We already had webpack setup before, so I only had to do few changes to make it produce a legacy bundle. The main showstopper here was that webpack is a bundler that expects all your dependencies to be in the file system, so it doesn't know what to do with something like:
import Navigo from "https://unpkg.com/[email protected]/lib/navigo.es.js";
The easiest way for me to fix that was to install the packages locally and setup aliases from unpkg.com
to node_modules
:
resolve: {
alias: {
['https://unpkg.com/[email protected]']: 'navigo',
['https://unpkg.com/[email protected]']: 'es-markdown'
}
},
With these in place, webpack can now resolve the navigo module specifier from the import
example above to node_modules/navigo/lib/navigo.es.js
.
Here too, a resolve plugin can be written to make this work with any package without having to make an alias for each. But since we're already manually installing the packages locally anyway, I don't mind also explicitly adding them to this aliases list which also serves as a quick way to reference all the packages we're using with their corresponding versions.
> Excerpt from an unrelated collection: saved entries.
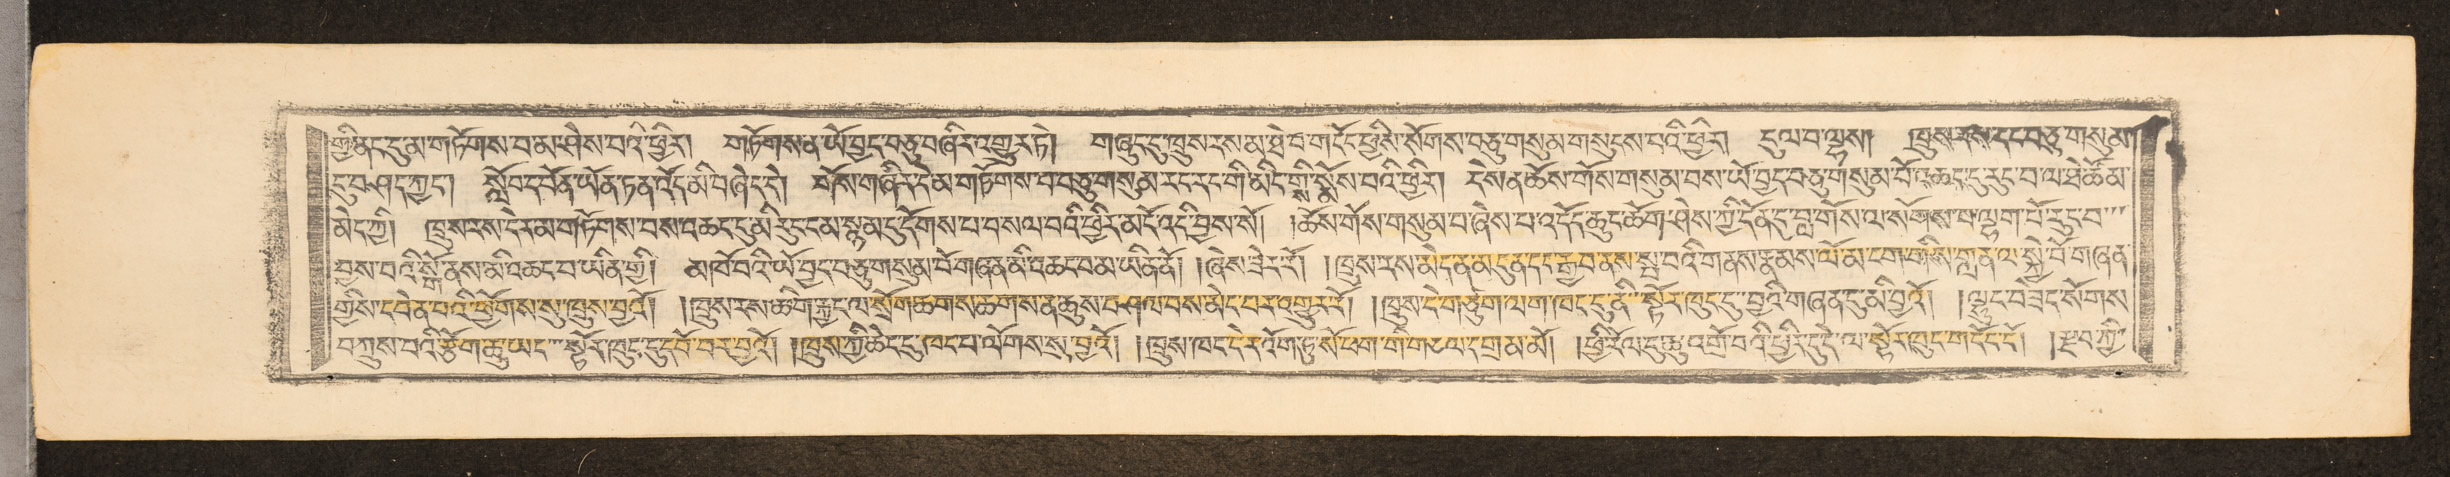གྱི་ནང་དུ་མ་གཏོགས་པ་མ་ཤེས་པའི་ཕྱིར། གཏོགས་ན་ཡོ་བྱད་བཅུ་བཞིར་འགྱུར་ཏེ། གཞུང་དུ་ཁྲུས་རས་མ་ཐེ་བ་གདོང་ཕྱིས་སོགས་བཅུ་གསུམ་གསུངས་པའི་ཕྱིར། དུལ་བ་ལྷས། ཁྲུས་རས་དང་བཅུ་གསུམ་
དུ་བཤད་ཀྱང་། སློབ་དཔོན་ཡོན་ཏན་འོད་མི་བཞེད་དེ། གོས་གཞིར་དེ་མ་གཏོགས་པ་བཅུ་གསུམ་རང་རང་གི་མིང་གིས་སྨོས་པའི་ཕྱིར། དེས་ན་ཆོས་གོས་གསུམ་པས་ཡོ་བྱད་བཅུ་གསུམ་པོ་འཆང་དུ་རུང་བ་ལ་ཐེ་ཚོམ་
མེད་ཀྱི། ཁྲུས་རས་དེར་མ་གཏོགས་པས་འཆང་དུ་མི་རུང་ངམ་སྙམ་དུ་དོགས་པ་བསལ་བའི་ཕྱིར་མདོ་འདི་བྱས་སོ། །ཆོས་གོས་གསུམ་པ་ཞེས་པ་འདོད་ཆུང་ཆོག་ཤེས་ཀྱི་དོན་དུ་བླ་གོས་ལ་སོགས་པ་ལྷག་པོ་རུང་པ་
བྱས་པའི་སྒོ་ནས་མི་འཆད་པ་ཡིན་གྱི། མཁོ་བའི་ཡོ་བྱད་བཅུ་གསུམ་པོ་གཞན་མི་འཆང་བ་མ་ཡིན་ནོ། །ཞེས་ཟེར་རོ། །ཁྲུས་རས་མེད་ན་མདུན་དང་རྒྱབ་ནས་སྦ་བའི་གནས་རྣམས་ལོ་མ་དག་གིས་གླན་ལ་སྐྱེ་བོ་གཞན་
གྱིས་དབེན་པའི་ཕྱོགས་སུ་ཁྲུས་བྱའོ། །ཁྲུས་རས་ཆིག་རྐྱང་ལ་སྲོག་ཆགས་ཆགས་ན་ཆུས་བཤལ་པས་མེད་པར་འགྱུར་རོ། །ཁྲུས་དེ་གཙུག་ལག་ཁང་དུ་ནི་སྟོར་ཁུང་དུ་བྱའི་གཞན་དུ་མི་བྱའོ། །ལྷུང་བཟེད་སོགས་
བཀྲུས་པའི་རྩོག་ཆུ་ཡང་སྟོར་ཁུང་དུ་དབོ་བར་བྱའོ། །ཁྲུས་ཀྱི་ཆེད་དུ་ཁང་པ་ལོགས་སུ་བྱའོ། །ཁྲུས་ཁང་དེར་འོག་ཏུ་སོ་ཕག་གི་གཅལ་དགྲམ་མོ། །ཕྱི་རོལ་དུ་ཆུ་འགྲོ་བའི་ཕྱིར་དུ་དེ་ལ་སྟོང་ཁུང་གདོད་དོ། །རྫབ་ཀྱི་

The other minor changes I made to the config included adding a targets option to babel's env preset (there is no minimum browser support specification in realworld, so I set an arbitrary requirement of ie 11), and splitting the polyfills from the main bundle chunk.
If you read the modern script loading article you'll have no trouble understanding the <script src="dist/app.bundle.js" nomodule async defer></script>
line in index.html to load the legacy bundle for browsers that don't support modules. I only included the safari polyfill and didn't do anything to fix the double fetch/execute issues for old desktop browsers.
With everything defined in the config file, the command to create the bundle is simply webpack
and I also added that to a build script. So yarn build
will create a dist
folder inside of app
with the minified, bundled and transpiled code that will run as far back as IE 11.